而現在丁書涵能吃上白面細糧都算是頂好的, 現在一公裏的路她也是能走的。
她也沒有料到自己随口一句只是想讓丁嘉年放心的話語,他竟然當真了, 而且付出了行動。
光是來這西北建設兵團農五師十七團三營光是火車就要四天三夜,還要坐車颠簸好幾天。
具體行程是陸文曜安排的, 她并沒有提出什麽具體的要求,因為車子都是兵團部隊出的,并不是有錢就能提要求的。
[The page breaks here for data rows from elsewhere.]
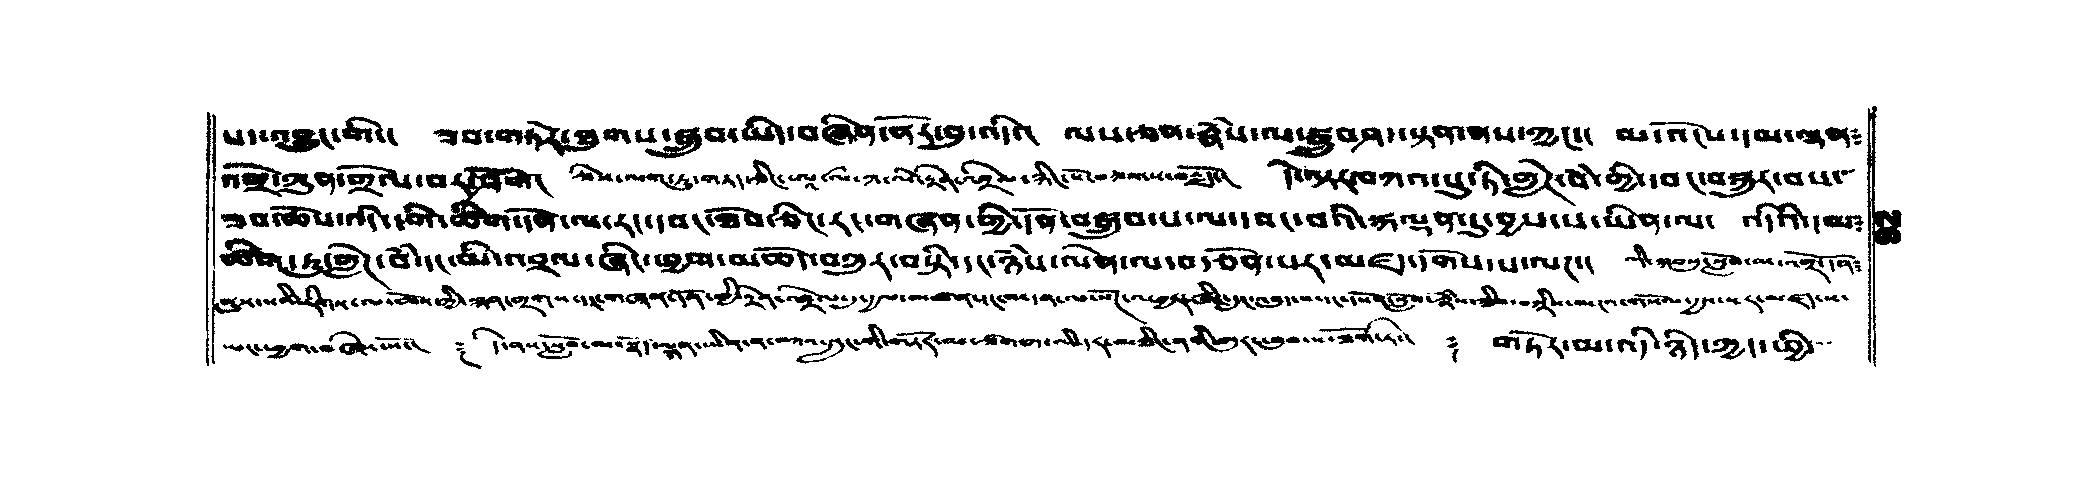པད་འབྱུང་གི་ཟབ་གཏེར་ཐུགས་སྒྲུབ་ཡིད་བཞིན་ནོར་བུ་འདི། །ལས་ཅན་རྣམས་ལ་སྒྲུབ་བཤད་བསྟན་ནས་ཀྱང་། །མ་འོངས་དམ་ལྡན་
འགྲོ་ཀུན་གྲོལ་བར་ཤོག་ཅེས་ལག་ཏུ་གཏད་ཅིང་ཨཱ་ལི་ཀ་ལི་རྟེན་འབྲེལ་སྙིང་པོ་བཅས་པ་བརྗོད།དེ་ལྟར་བཀའ་པུ་ཏི་གླེགས་བམ་གྱི་དབང་བསྐུར་བས་
ཟབ་ཆོས་འདི་དག་གི་ཚིག་དོན་ལ་རང་དབང་ཐོབ་ཅིང་རང་གཞན་གྱི་བསྒྲུབ་པ་ལ་དབང་བའི་སྐལ་ལྡན་དུ་བྱས་པ་ཡིན་ལ། འདིའི་དམ་
ཚིག་ཏུ་གླེགས་བམ་དང་མི་འབྲལ་ཞིང་ཕྱག་མཆོད་བཀུར་བསྟི་དང་ཉམས་ལེན་ལ་བརྩོན་པར་མཛད་དགོས་པ་ལགས། འདི་སྐབས་སློབ་མ་འགྲོ་དོན་
ནུས་པའི་རིགས་ལ་ཆོས་ཀྱི་སྙན་གྲགས་དང་གཞན་དོན་གྱི་རྟེན་འབྲེལ་དུ་རྒྱལ་མཚན་དང་བ་དན་ལ་སོགས་འཕྱར་ཞིང་དུང་འབུད་པ་དང་སློབ་དཔོན་རྣམས་ཀྱིས་བཀྲ་ཤིས་མངའ་གསོལ་རྒྱས་པར་མཛད་པ་
ཡང་ཕྱག་བཞེས་སོ། ༈ དེ་ནས་སློབ་མ་སྣོད་ལྡན་ཡིན་ན་བཀའ་སྲུང་གི་གཏོར་མ་ཙག་ག་ལི་དར་མཐིང་ནག་གི་གུར་ཕུབ་པ་ཐོག་སྟེ། ༈ གཏོར་མ་འདི་ཉིད་ཀྱང་ཕྱི་

但是她相信陸文曜的靠譜和周到, 肯定不會讓丁嘉年坐那知青們坐的只帶着個遮雨棚的卡車後鬥連夜颠簸。
但是如此往返的奔波, 光是在路上就要十來天。
不是一般的辛苦和勞累。
丁書涵從來都知道自己那個有血緣關系的渣爹肯定不會坐不到四十八小時的國際航班頭等艙來看望遠在異國他鄉的自己一眼。
心裏沒有了奢望,自然也沒有了失望。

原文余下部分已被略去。